Christmas Math Problem 2

In Santa's workshop, there is a large, rectangular room. All of the points on this rectangle are labelled $A$ , $B$ , $C$ , and $D$ . $A$ and $B$ are the two points on the corners on the floor, and $C$ and $D$ are the ones on the roof. We are going to assume that this room is two-dimensional, so there are only four points. Inside of this rectangular room, there is a skating rink across the floor, which is used by all of the elves in Santa's workshop. This skating rink stretches all the way from point $A$ to point $B$ , across the floor. Above this skating rink is a slide, and a ramp leading up to the slide.
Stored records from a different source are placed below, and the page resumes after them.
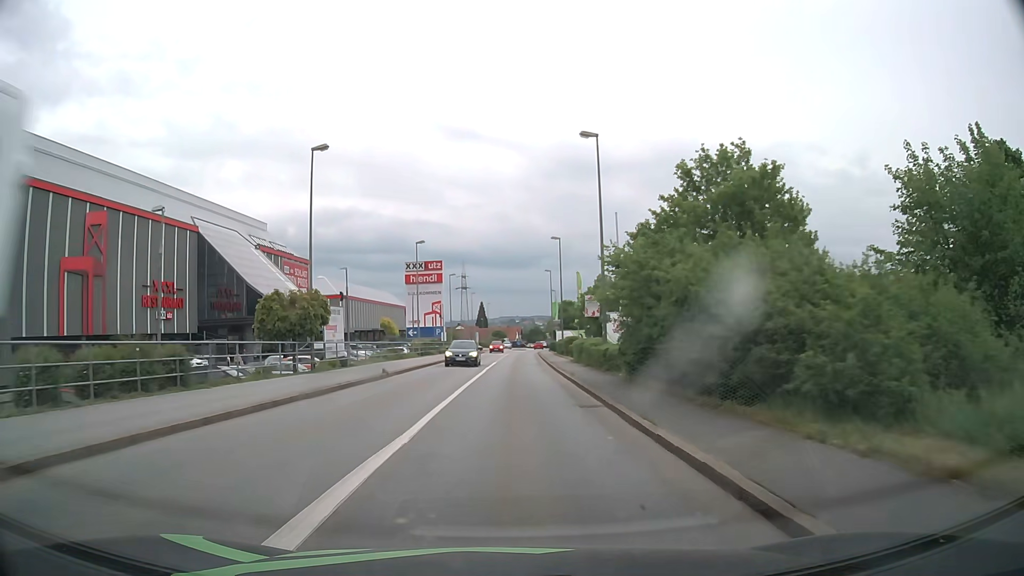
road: tertiary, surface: asphalt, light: Day
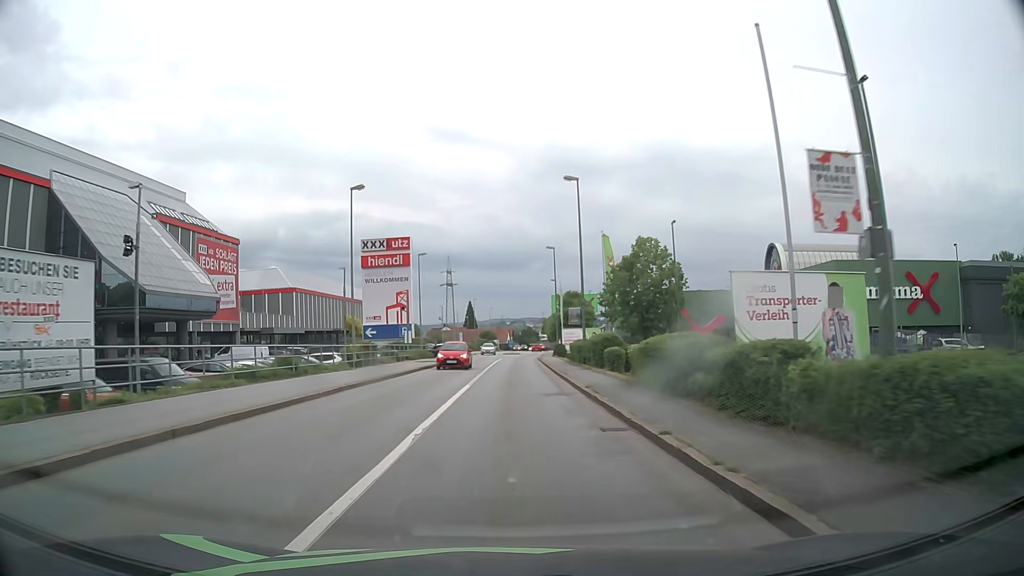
(+0.1, +22.2) m; 0°
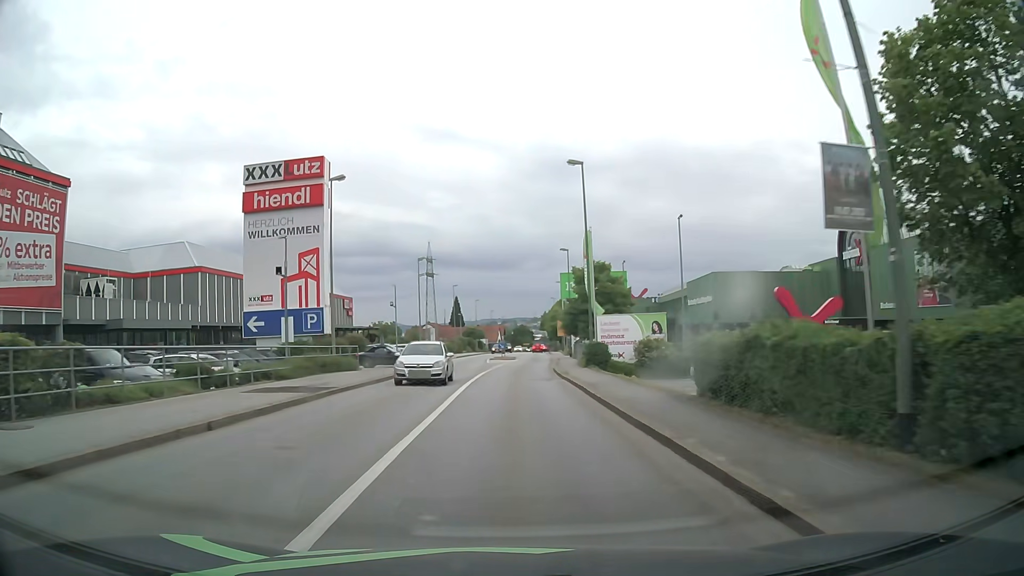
(+0.3, +30.2) m; +1°
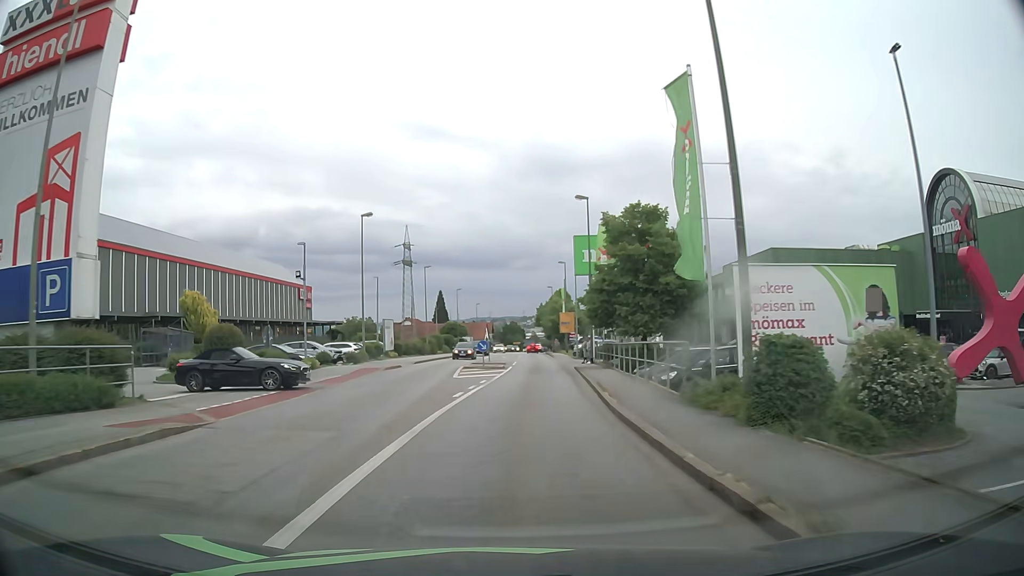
(+0.3, +22.8) m; +1°
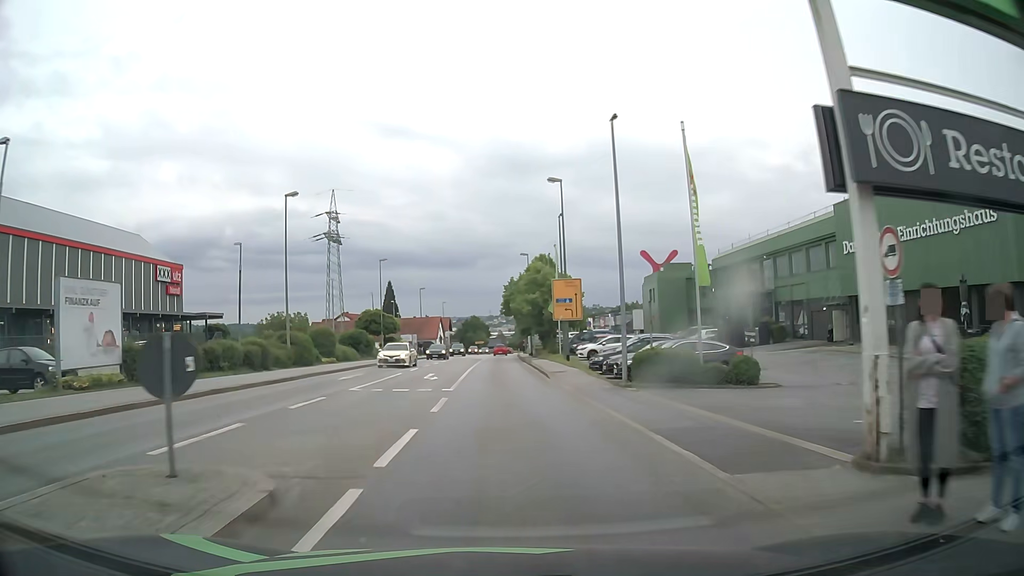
(+1.4, +38.0) m; +3°
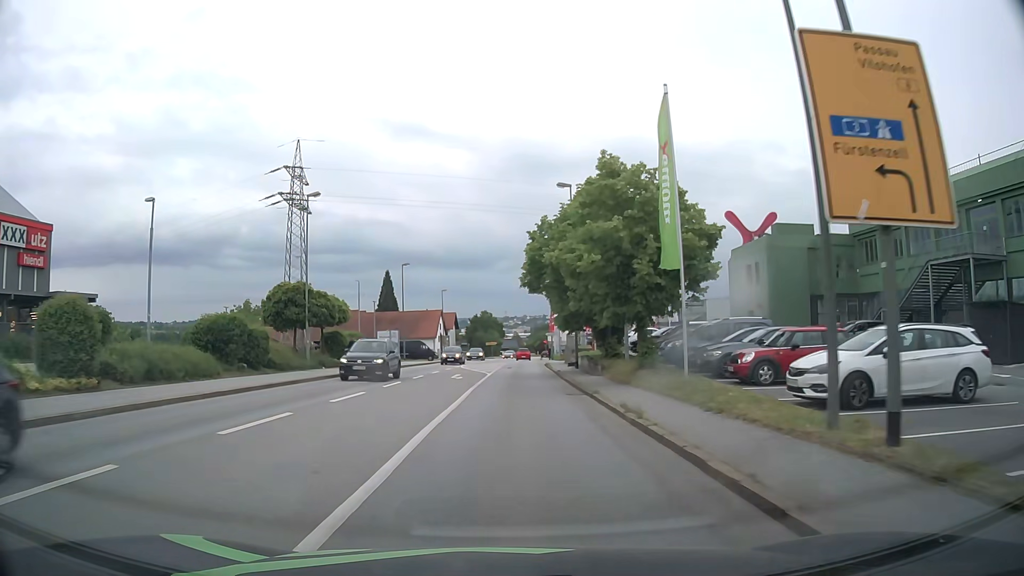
(-0.6, +30.5) m; -1°
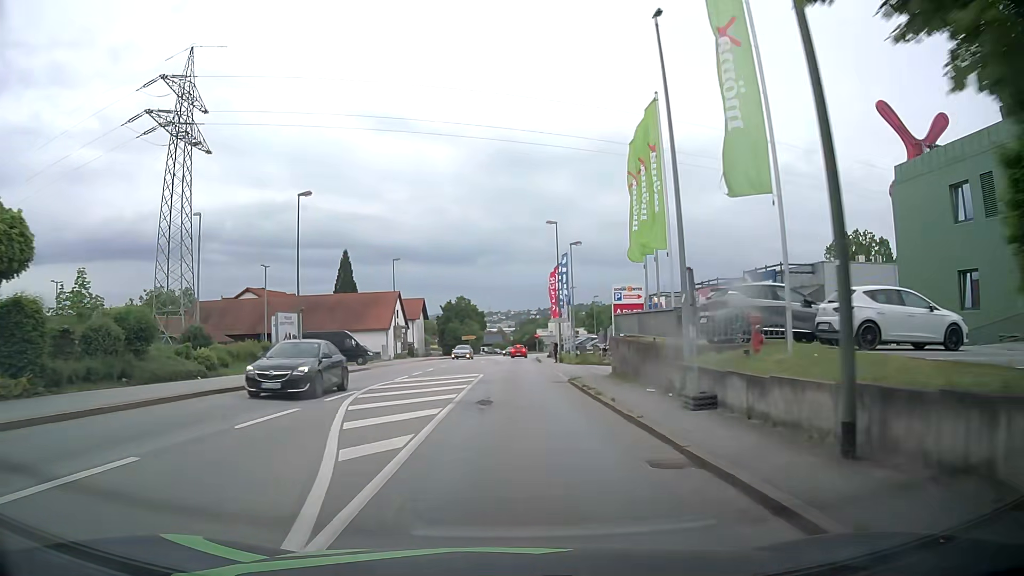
(+0.1, +30.6) m; +2°
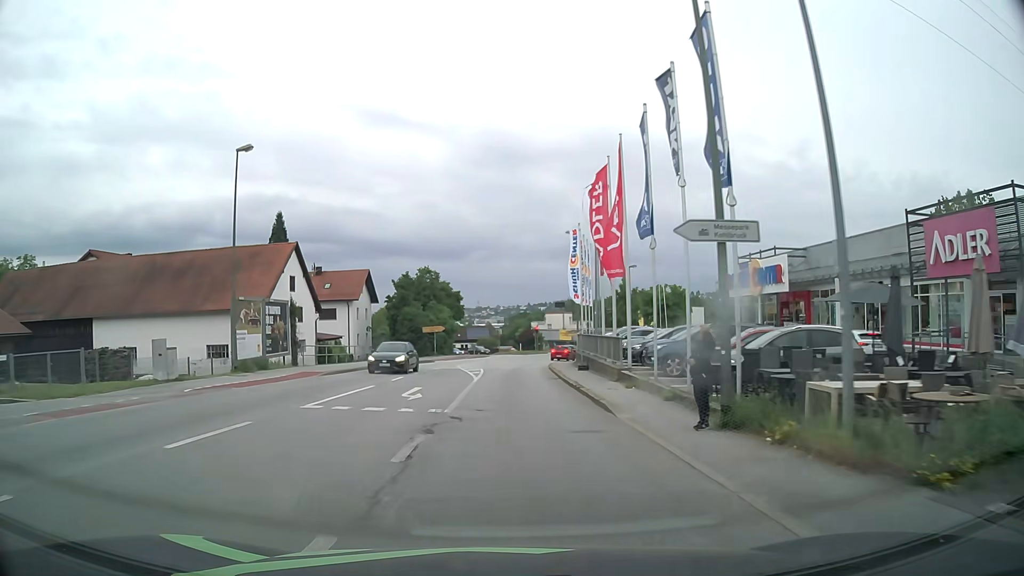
(-0.2, +38.3) m; 0°

This slide and ramp stretch all the way over the skating rink, ending at the points $A$ and $B$ . We will call the point where the ramp ends and the slide starts going down as $Y$ . We can measure that the side length of the slide, or line $AY$ is equal to 15, the length of the ramp or line $BY$ is 18 and the angle between the $AY$ and $BY$ at point $Y$ is equal to $57$ degrees. If an elf skating across the rink starts at point $A$ , and their acceleration is modelled by the differential equation, $a(x)$ = $3x^2 + 6$ , where $x$ is the elf's position, and $a(x)$ is the acceleration, and we know that $v(x)$ , which is velocity, at $v(2)$ is equal to $9$ , then what is the elf's velocity when it is at point $B$ , rounded to the nearest hundredth?